Me movía y veía los remolinos de empaques de golosinas, las botellas vacías de Inca
Kola rodando por el suelo sucio. Ese pasadizo larguísimo y siniestro suele
aparecer en mis sueños. A veces veo puertas repetidas en ambas paredes sin fin.
Puertas mugrientas y cerradas donde ningún humano habita. A veces, en una
pesadilla, trato de mantenerme quieto para no despertar a la bestia que puede
salir de cualquiera de las habitaciones. A veces me muevo con prisa forzando en
vano cerraduras llenas de herrumbre. Otras, piso aguas empozadas, y me resbalo
y caigo al suelo y descubro que hay un desagüe abierto en alguna parte. Las
ultimas veces, en las últimas pesadillas, toco algunas de las puertas y animo a
salir a quien quiera que se encuentre adentro, solo una vez he sentido que
alguien se mueve del otro lado, que arrastra cadenas y abre cerrojos.
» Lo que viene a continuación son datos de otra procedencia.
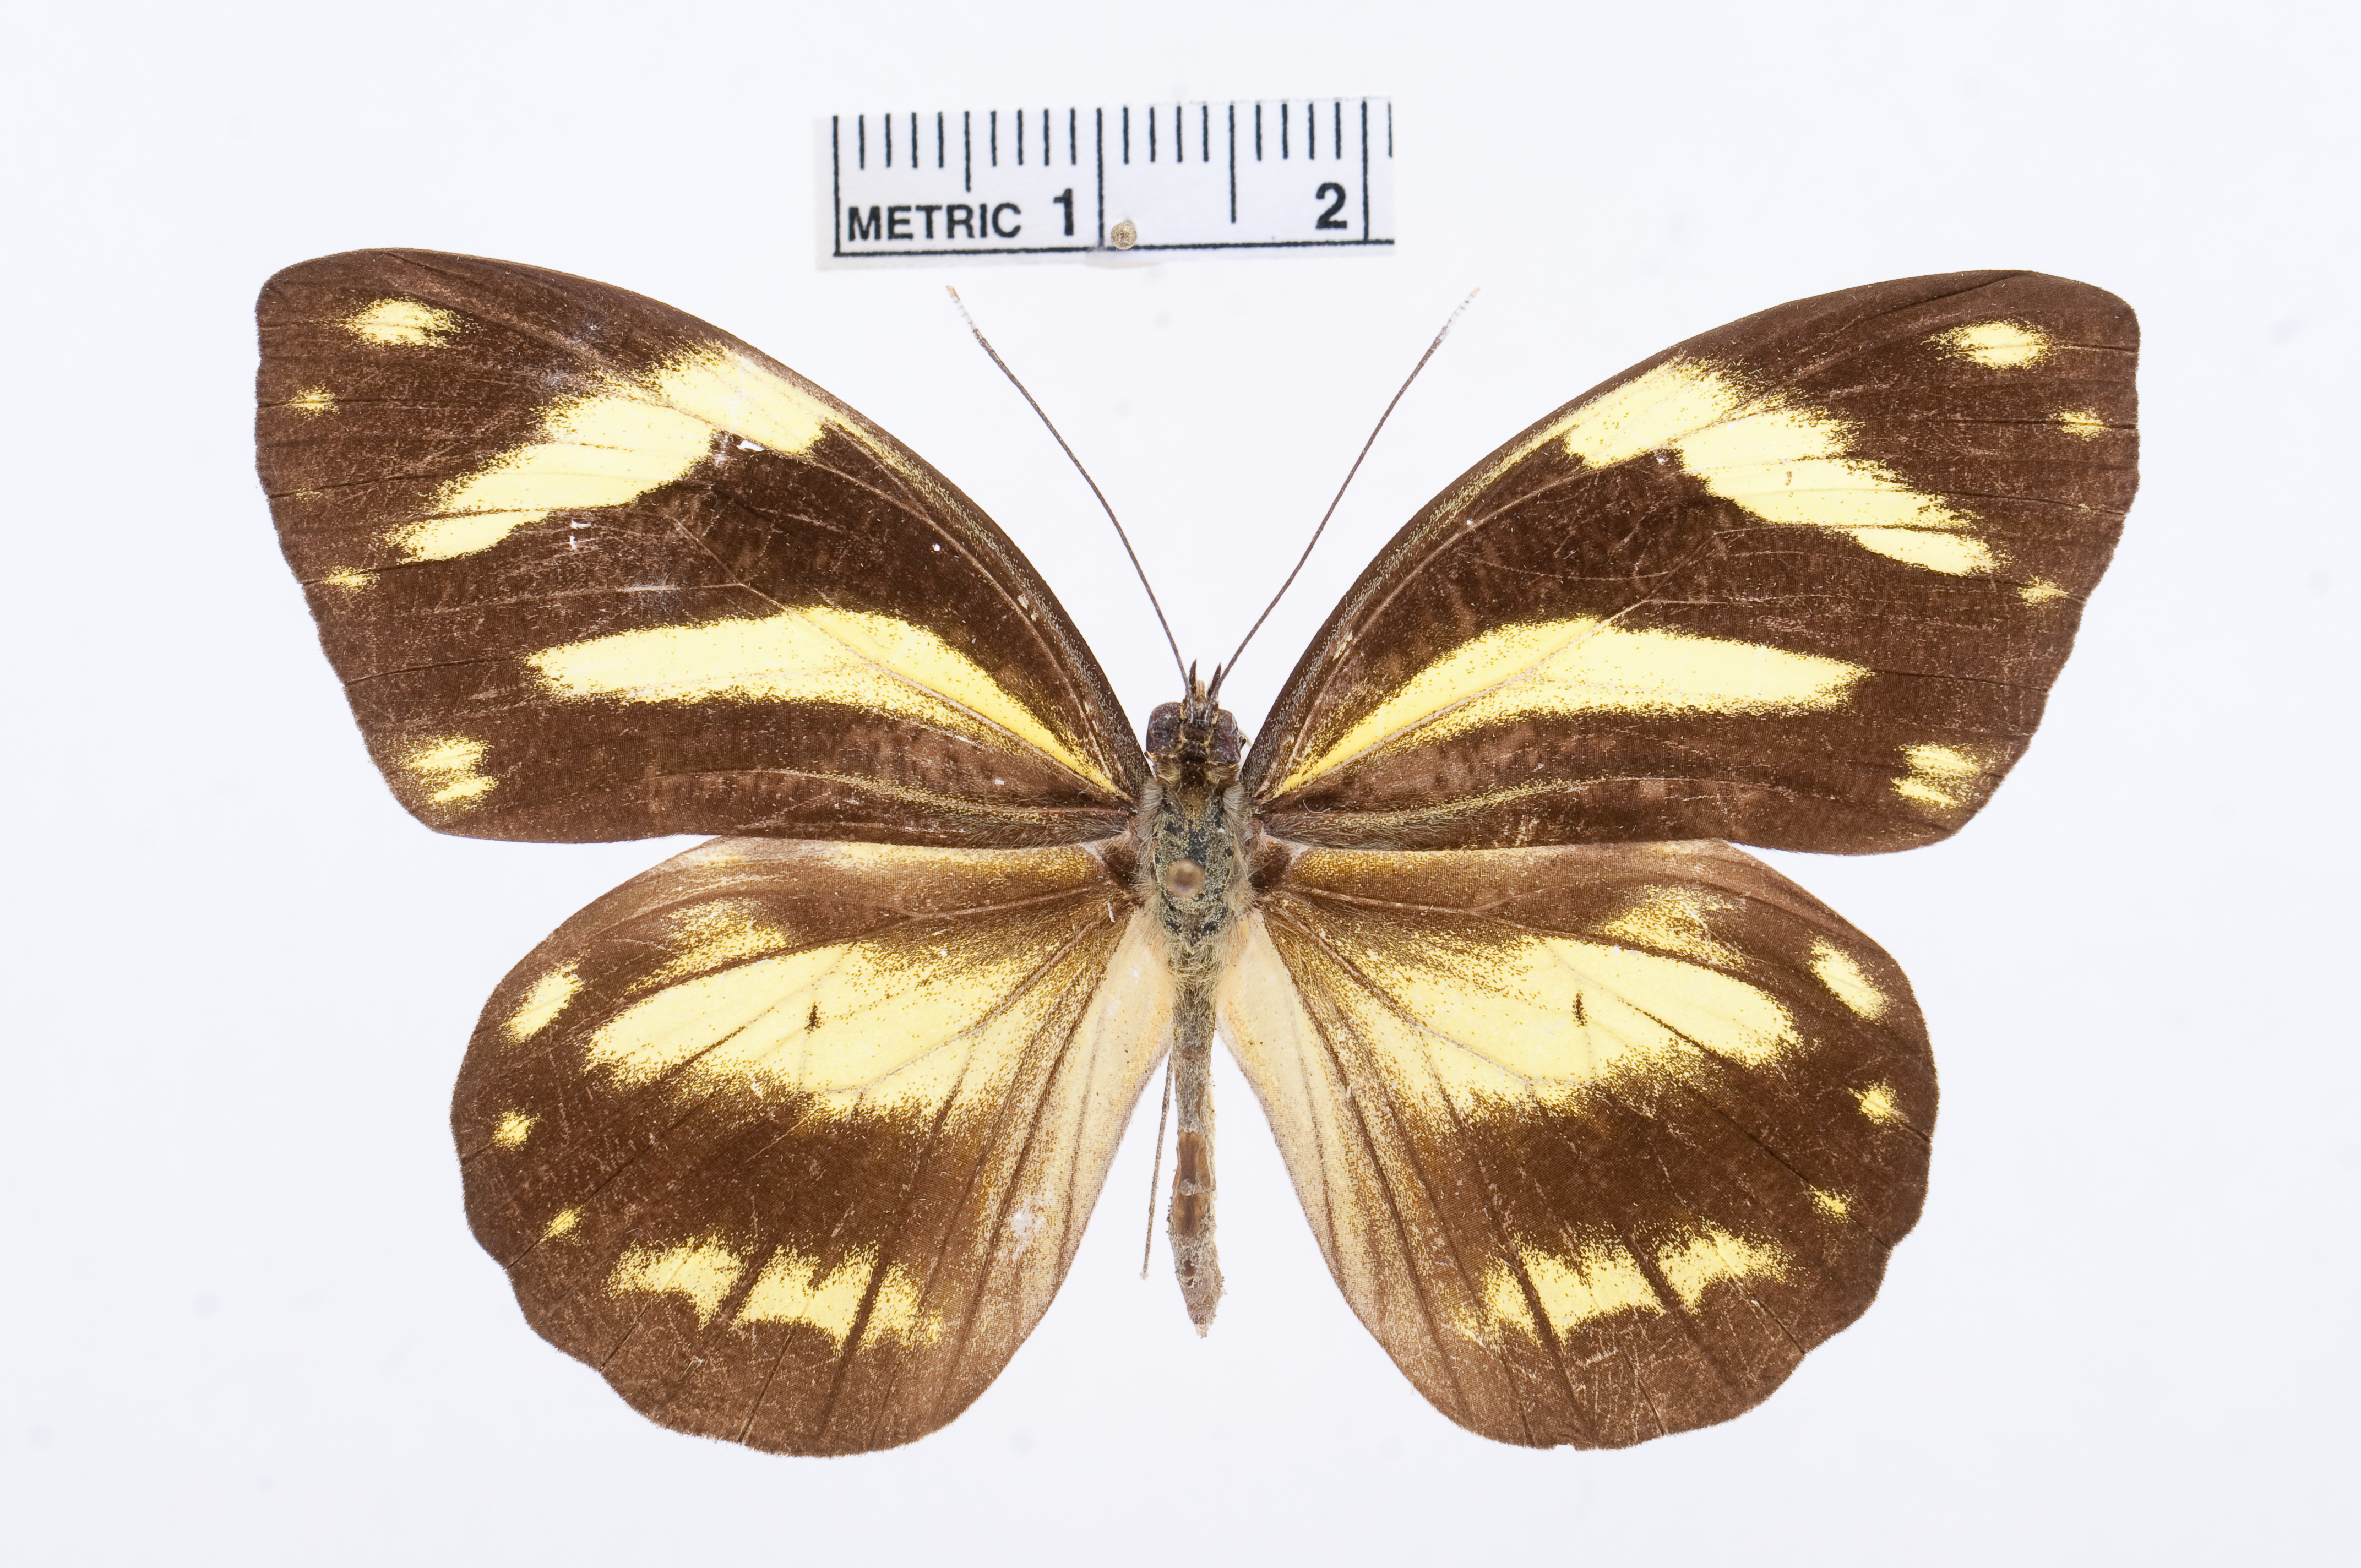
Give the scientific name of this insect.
Pieriballia viardi
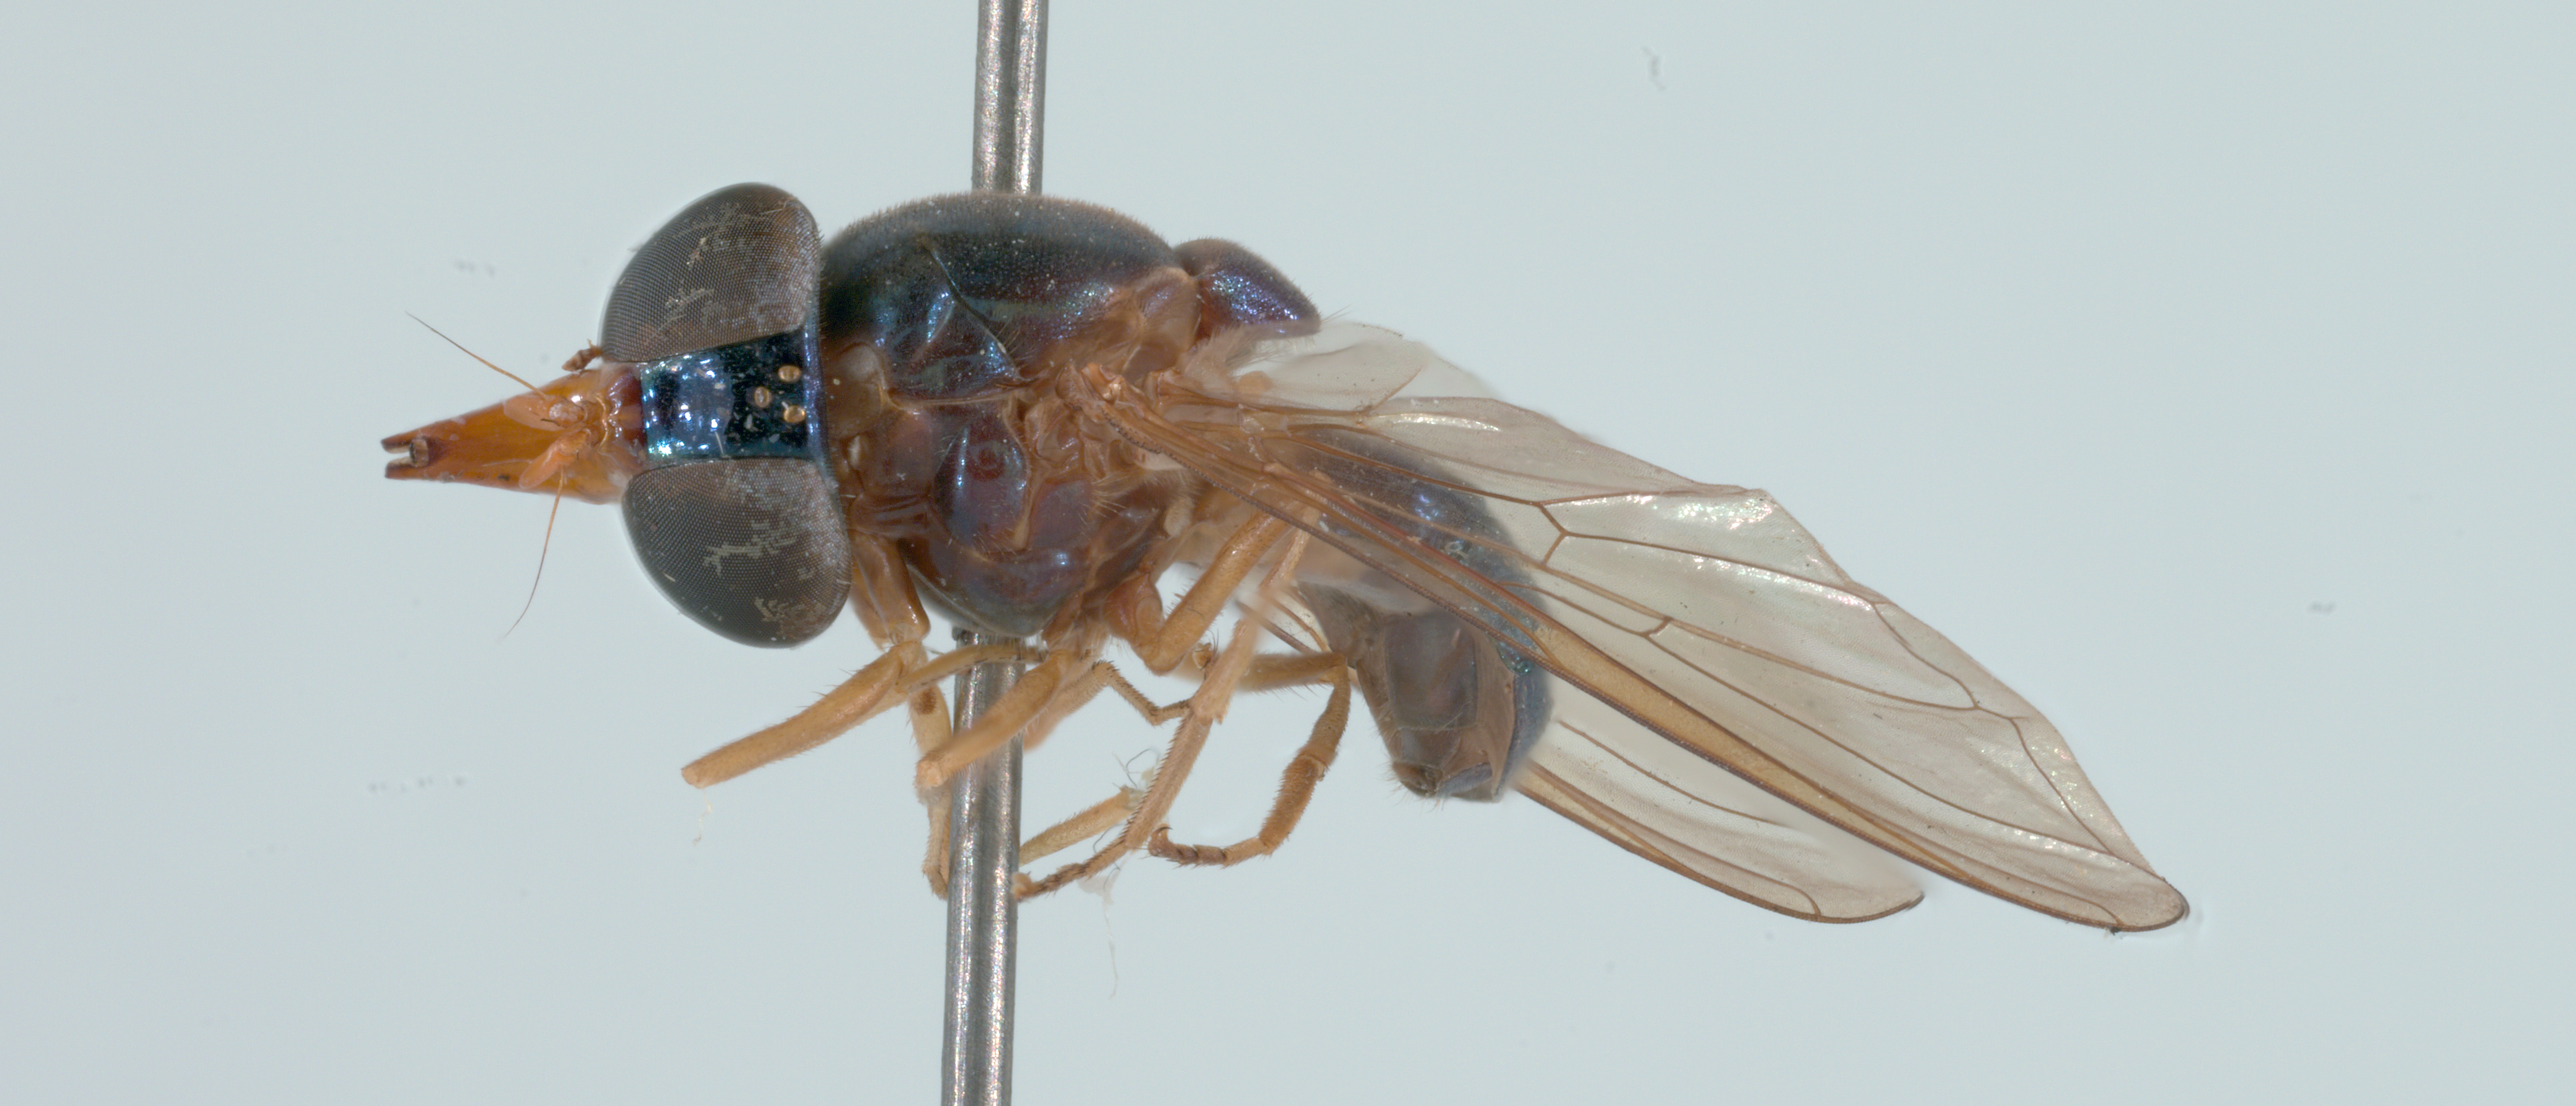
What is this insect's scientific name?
Rhingia caerulescens

Y, cuando se dispone a abrir la puerta y revelar su aspecto, despierto de un golpe,
sobresaltado, agitado. Busco a tientas el tomatodo que me acompaña siempre,
bebo el agua si es que la tiene, o finjo hacerlo si está vacío. Me aferro al
agua, me echo y pienso que algún día le veré la cara a la bestia, al ser
sanguinolento y espectral, pero entonces ya no seré un guiñapo asustado, ya no
seré presa del pánico, ya no seré la marioneta que ha estado a su merced.